Looking for phantoms along Colorado's Gold Belt
It's been more than a decade since I've seen the eastern flanks of the Sangre de Cristo Range, which tower over the Wet Mountain Valley, forming one of the most dramatic skylines in the state (there are a lot of those, however). Last weekend, after spending a few days in Salida, I took the scenic route back to Fort Collins, looping through the Wet Mountains, driving the 30-some odd miles of the Gold Belt BLM Backcountry Byway north of Cañon City and briefly experiencing the spectacle of Cripple Creek, one of the last towns of more than 1,000 people I had not yet visited.
Westcliffe, in the middle of the Wet Mountain Valley between the Wets and the Sangres, feels like a cheap tourist town without the tourists (do many tourists come to Colorado in September?), sort of what I imagine Estes Park might be like if the national park weren't next door and the Stanley hadn't been built. But Westcliffe, the seat of Custer County, has a hell of a view, one that stretches from the Crestone peaks all the way to the Sawatch Range. To the east are the very Black Hills-like Wet Mountains, which are as lush as the name implies and as rolling as the Blue Ridge.
The Wet Mountains are the last sub-range of the Rockies within Colorado that I had left to visit, and apparently very few people spend much time here. They barely top out above 12,000 feet, and aren't typical of the rugged, rocky summits you'll find in nearly every other mountain range in Colorado. In other words, the Wet Mountains and the Greenhorn Mountain Wilderness at their southern tip are well worthy of exploration one day soon.

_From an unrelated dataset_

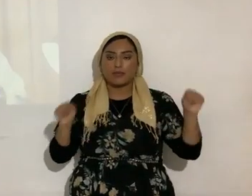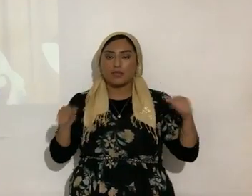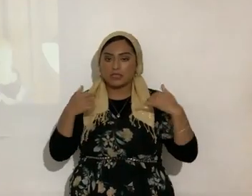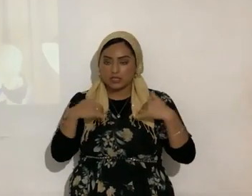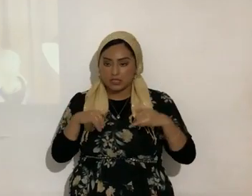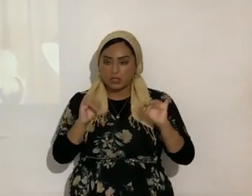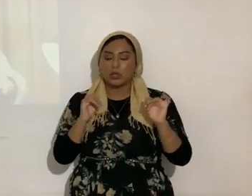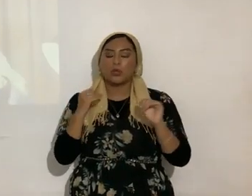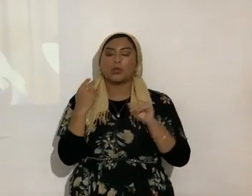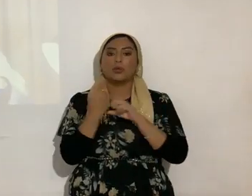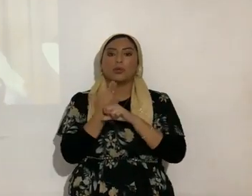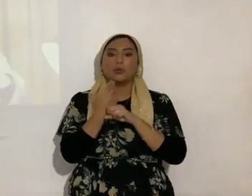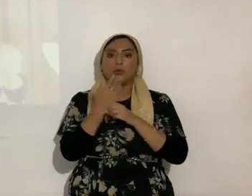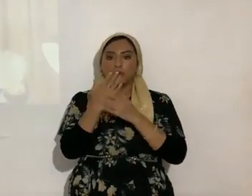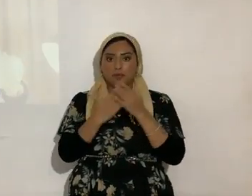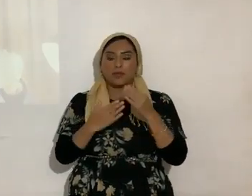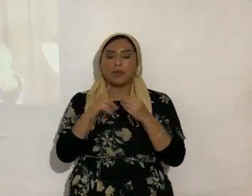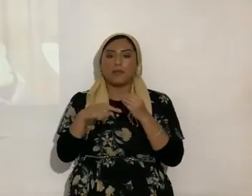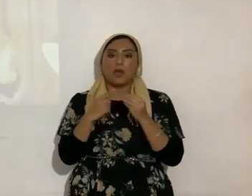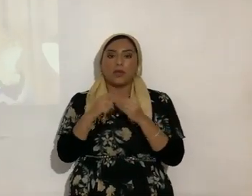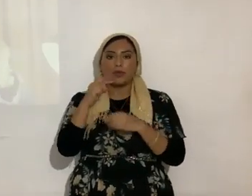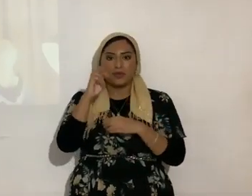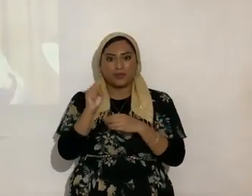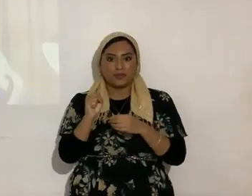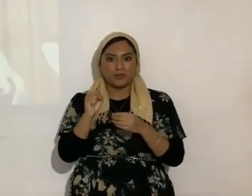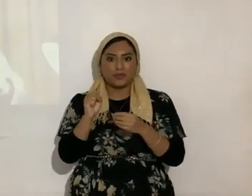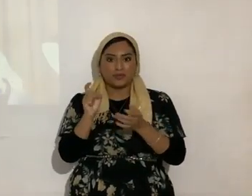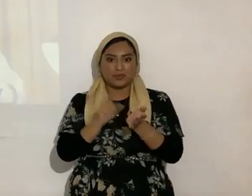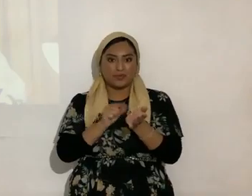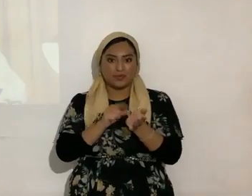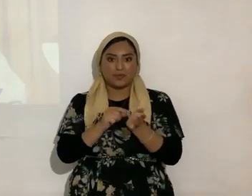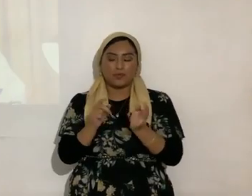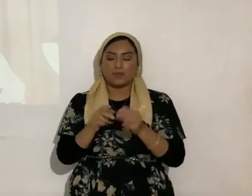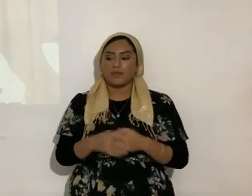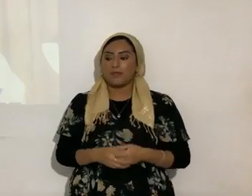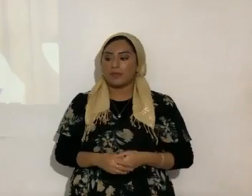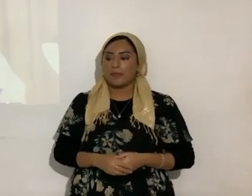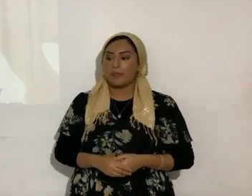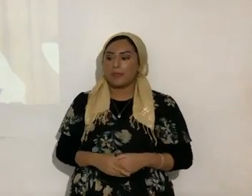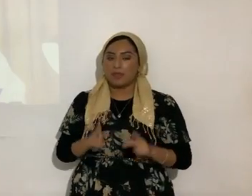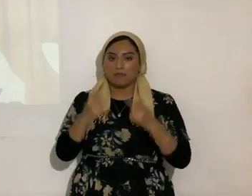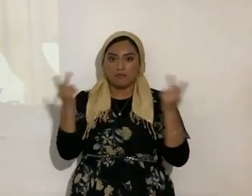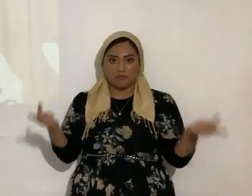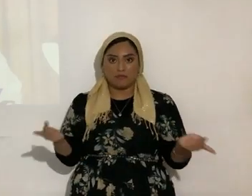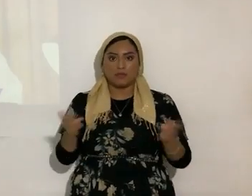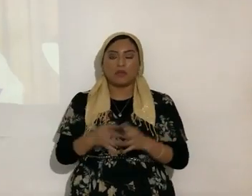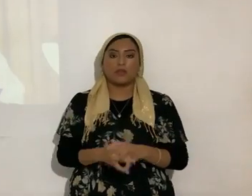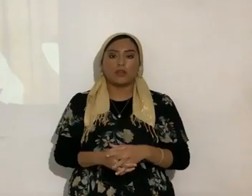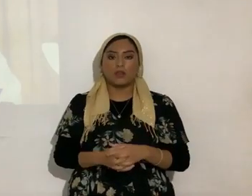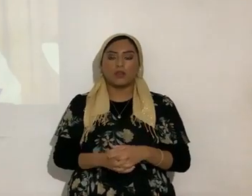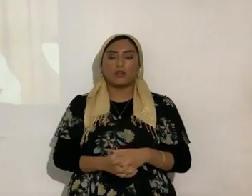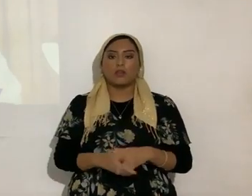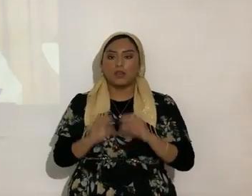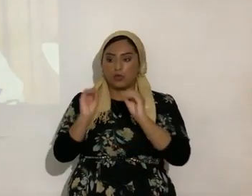utiliza algo de papel periódico, físico, físico, ya no tanto en internet, entonces pueden ir ahí y ponerlo en el
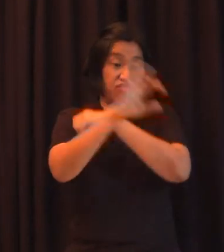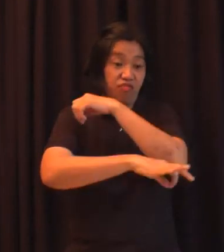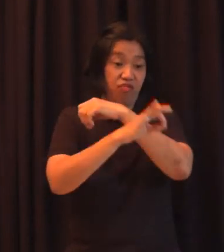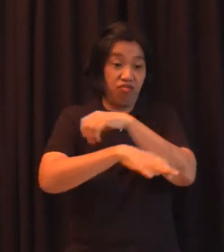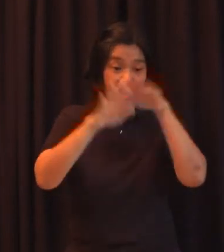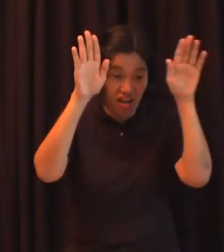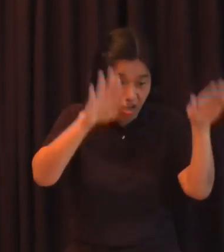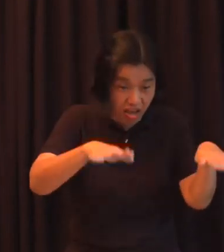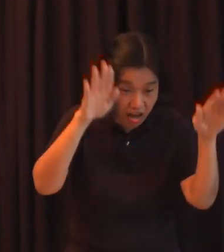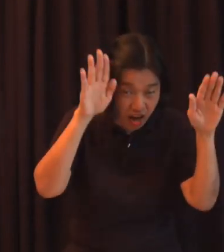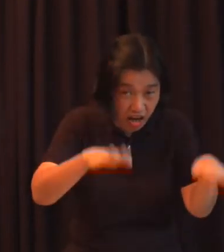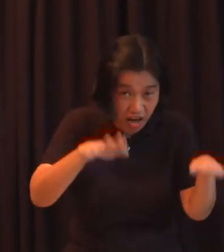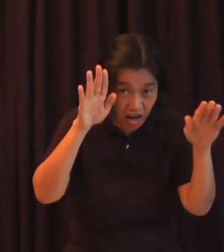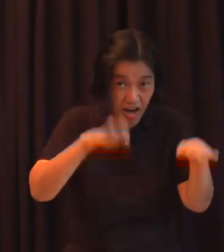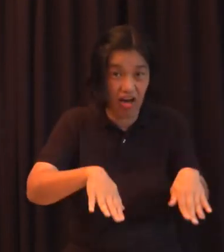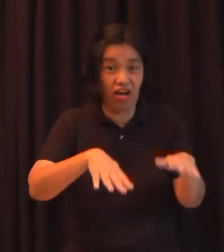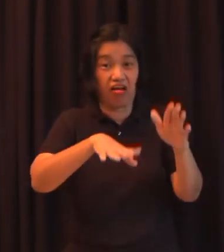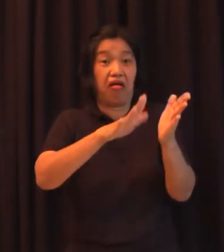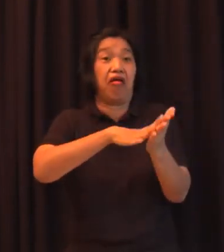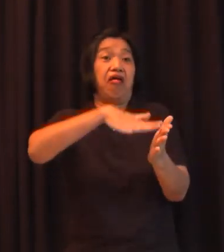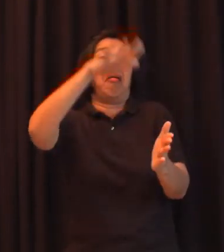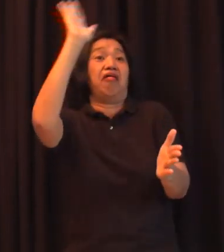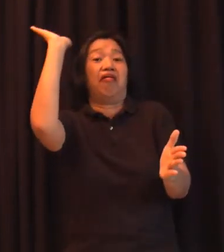kolonial na medium o

The highlight of the trip on Sunday was the drive up Phantom Canyon from Cañon City to Victor. The road follows the grade of an old gold mine railroad threading through a rugged and surprisingly arid canyon at the edge of the Front Range south of Pike's Peak. The road, mostly in Fremont County, passes through Bureau of Land Management land, which is a rarity on the Front Range. The BLM owns a large swath of public land along the U.S. 50 corridor along the Arkansas River and into the canyons and hills around Cañon City, but, except for scattered parcels here and there, there is little other BLM land in Colorado east of crest of the Front Range. Most BLM backcountry byways are in incredibly remote areas in southwest New Mexico, southern Utah, rural Oregon and in other distant places.
The Gold Belt is the exception. Known for its narrow path through the canyon that simply doesn't allow opposing traffic to pass each other in the most precipitous places, it's a fun drive if you don't mind creeping around blind corners on the side of a cliff, hoping some yahoo doesn't fishtail around the curve without regard for the oncoming traffic neither he nor you can see. It's a great ride in any case, and how often do you get to drive over wooden bridges in Colorado?
The Gold Belt byway deposits you in Victor, more than 3,000 feet higher than where you started along the Arkansas River. Victor is an old mining town similar to Cripple Creek, only without the casinos.
Until Sunday, I'd never visited Cripple Creek, where — and this is no exaggeration — the oxygen tank-carrying elderly far outnumbered those younger than, say, 50. What strikes me about the city, which is perched at 9,500 feet on the side of a hill with a million dollar view of the Sangres and points south, is that people seem to visit to feed slot machines while paying only passing attention to the landscape. Why anesthetize yourself with the hypnotizing slot machine jangle and false promises when the landscape and the history of the Cripple Creek beg exploration?